● WHAT IS NEEDED:
Leave the images aside and output every entry exactly.

Dataset excerpts:
-.-.-
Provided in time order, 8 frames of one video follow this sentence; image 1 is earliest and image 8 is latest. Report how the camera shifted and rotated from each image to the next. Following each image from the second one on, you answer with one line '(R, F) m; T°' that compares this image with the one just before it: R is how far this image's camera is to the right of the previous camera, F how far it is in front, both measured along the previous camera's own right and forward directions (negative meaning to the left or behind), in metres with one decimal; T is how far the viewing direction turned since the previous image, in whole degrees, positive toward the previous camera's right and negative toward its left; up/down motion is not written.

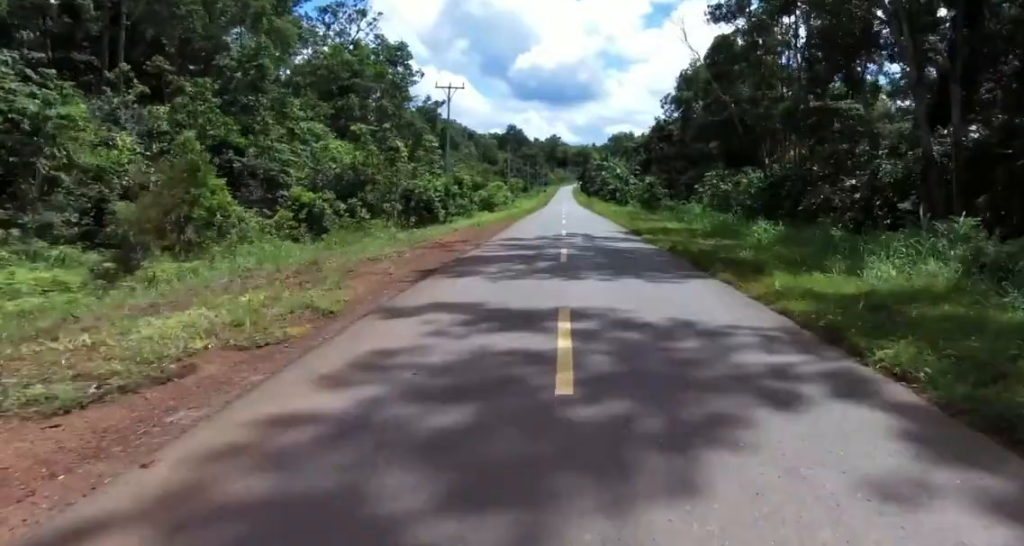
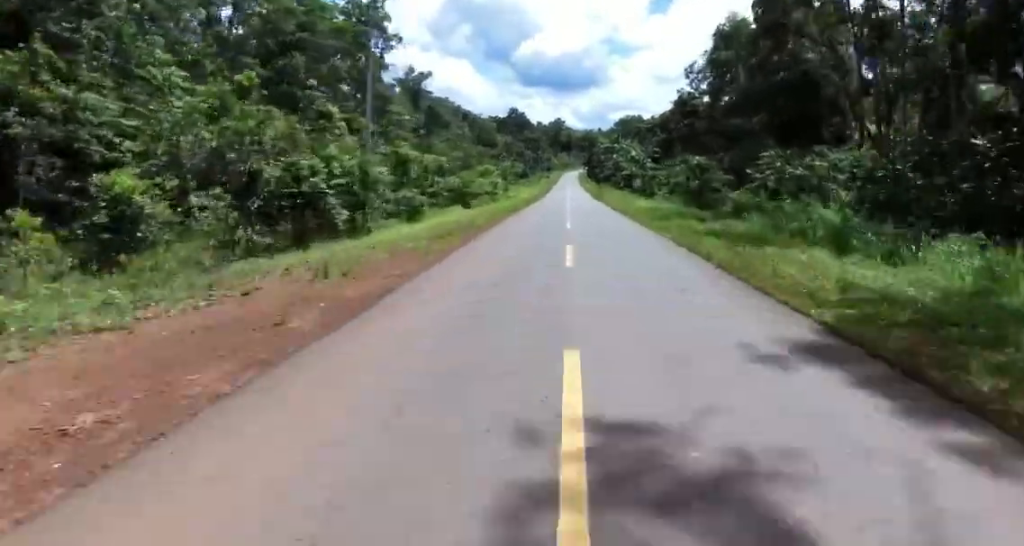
(+0.2, +19.1) m; +1°
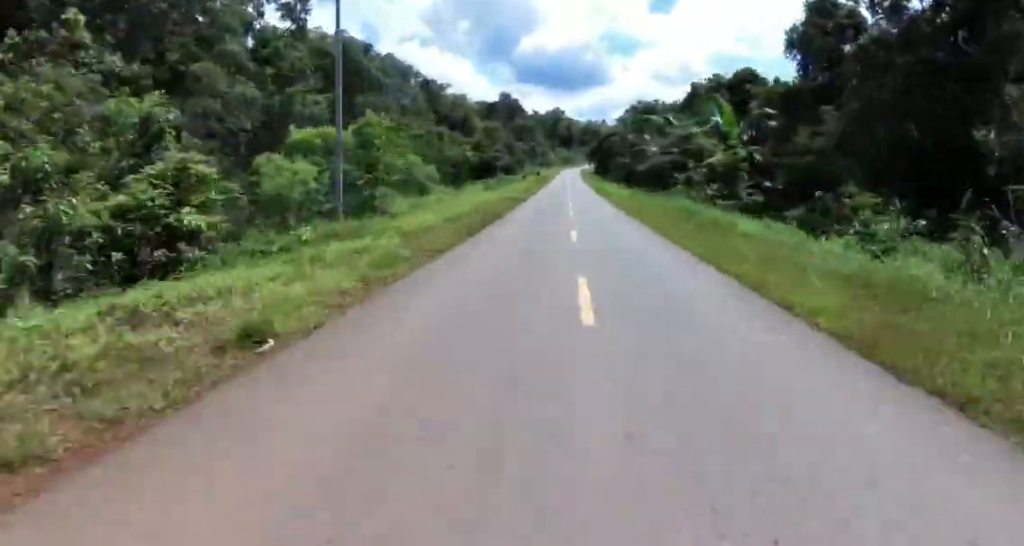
(+0.1, +54.3) m; 0°
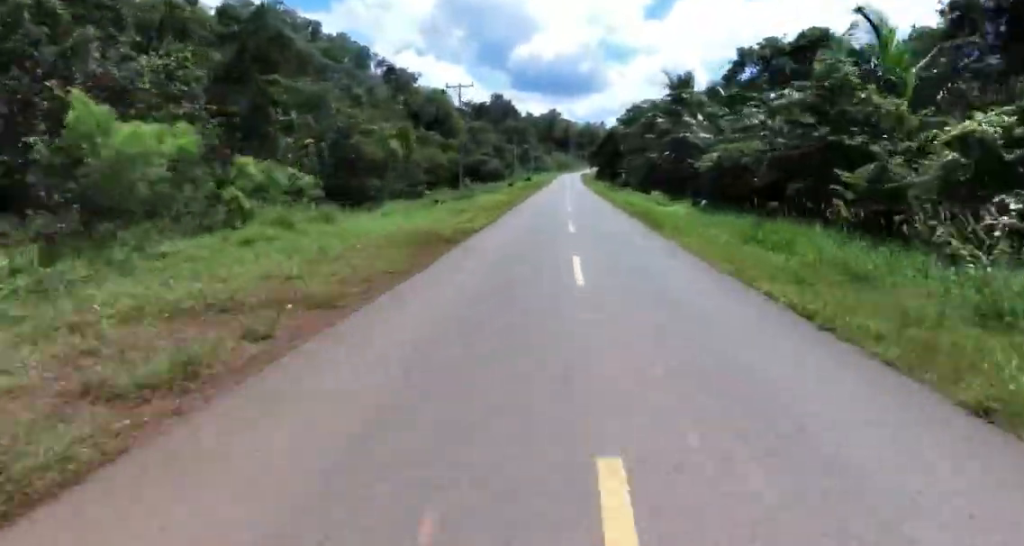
(0.0, +23.1) m; 0°
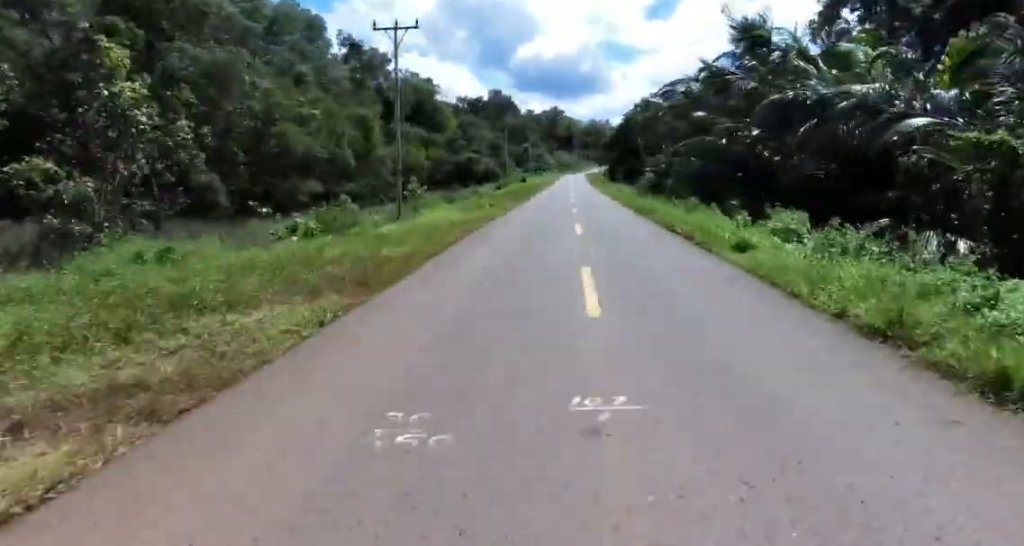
(0.0, +20.1) m; 0°
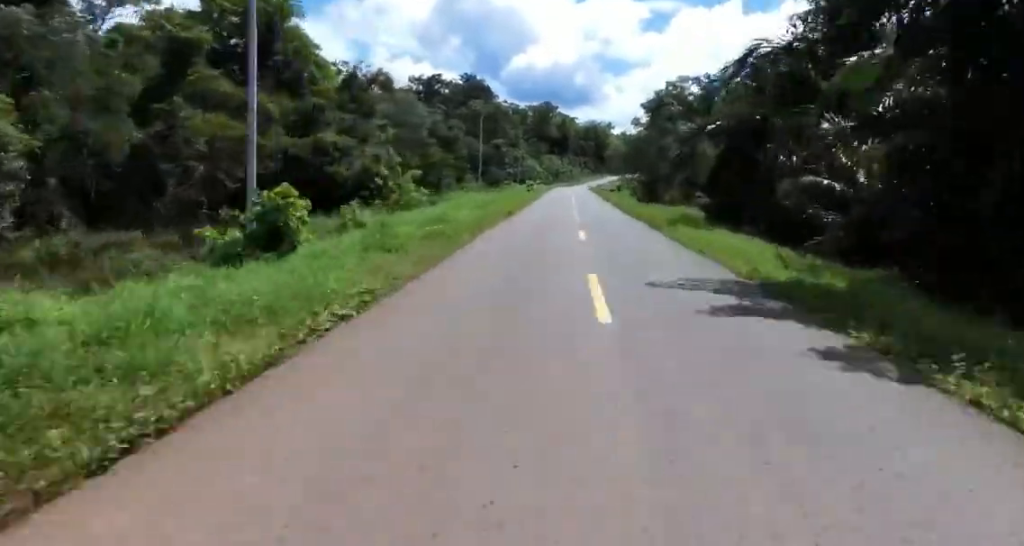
(+0.9, +65.9) m; +1°
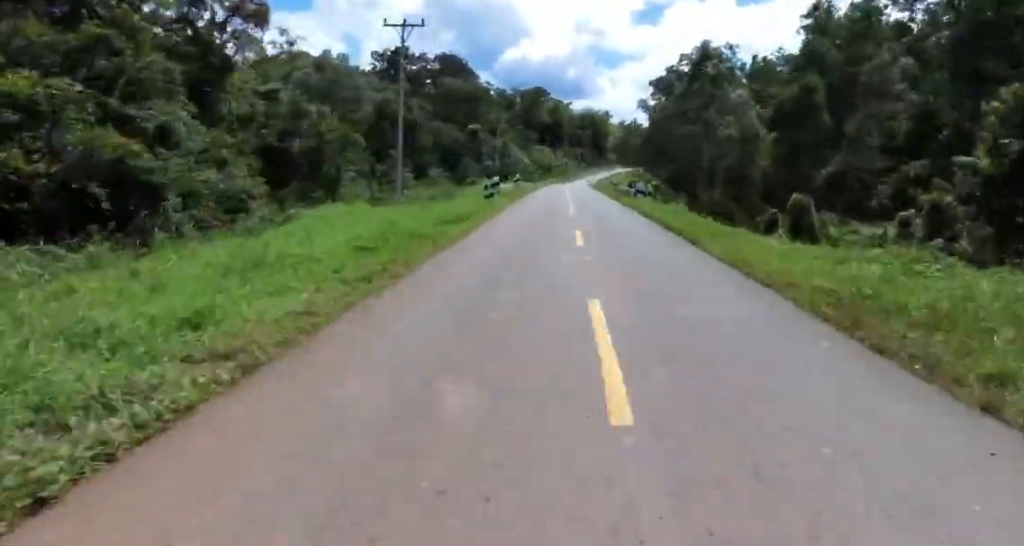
(-0.3, +27.1) m; -1°
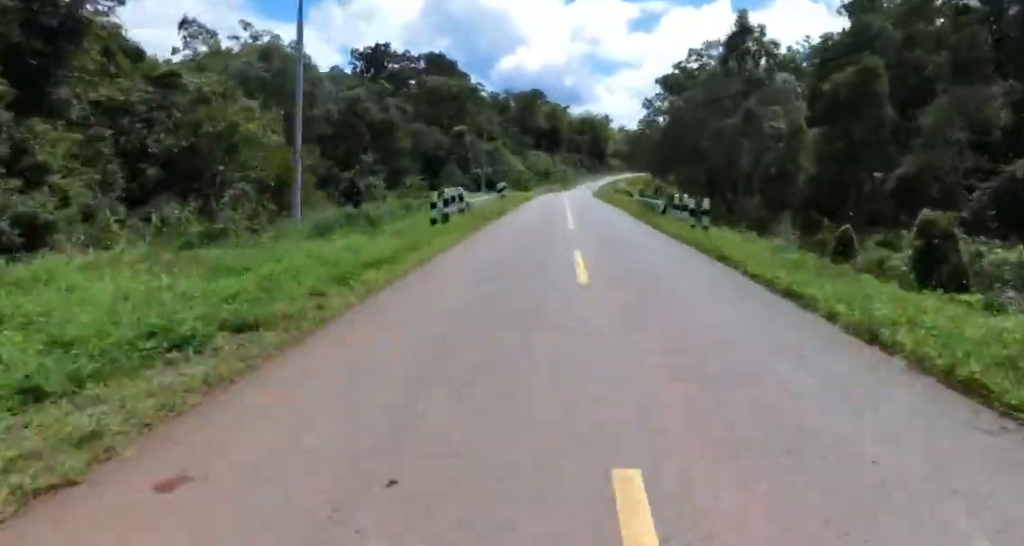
(-0.9, +13.6) m; 0°
-.-.-
● SOLUTION TO THE PROBLEM:
Provided in time order, 8 frames of one video follow this sentence; image 1 is earliest and image 8 is latest. Report how the camera shifted and rotated from each image to the next. Following each image from the second one on, you answer with one line '(R, F) m; T°' that compares this image with the one just before it: R is how far this image's camera is to the right of the previous camera, F how far it is in front, both measured along the previous camera's own right and forward directions (negative meaning to the left or behind), in metres with one decimal; T is how far the viewing direction turned since the previous image, in whole degrees, positive toward the previous camera's right and negative toward its left; up/down motion is not written.

(+0.2, +19.1) m; +1°
(+0.1, +54.3) m; 0°
(0.0, +23.1) m; 0°
(0.0, +20.1) m; 0°
(+0.9, +65.9) m; +1°
(-0.3, +27.1) m; -1°
(-0.9, +13.6) m; 0°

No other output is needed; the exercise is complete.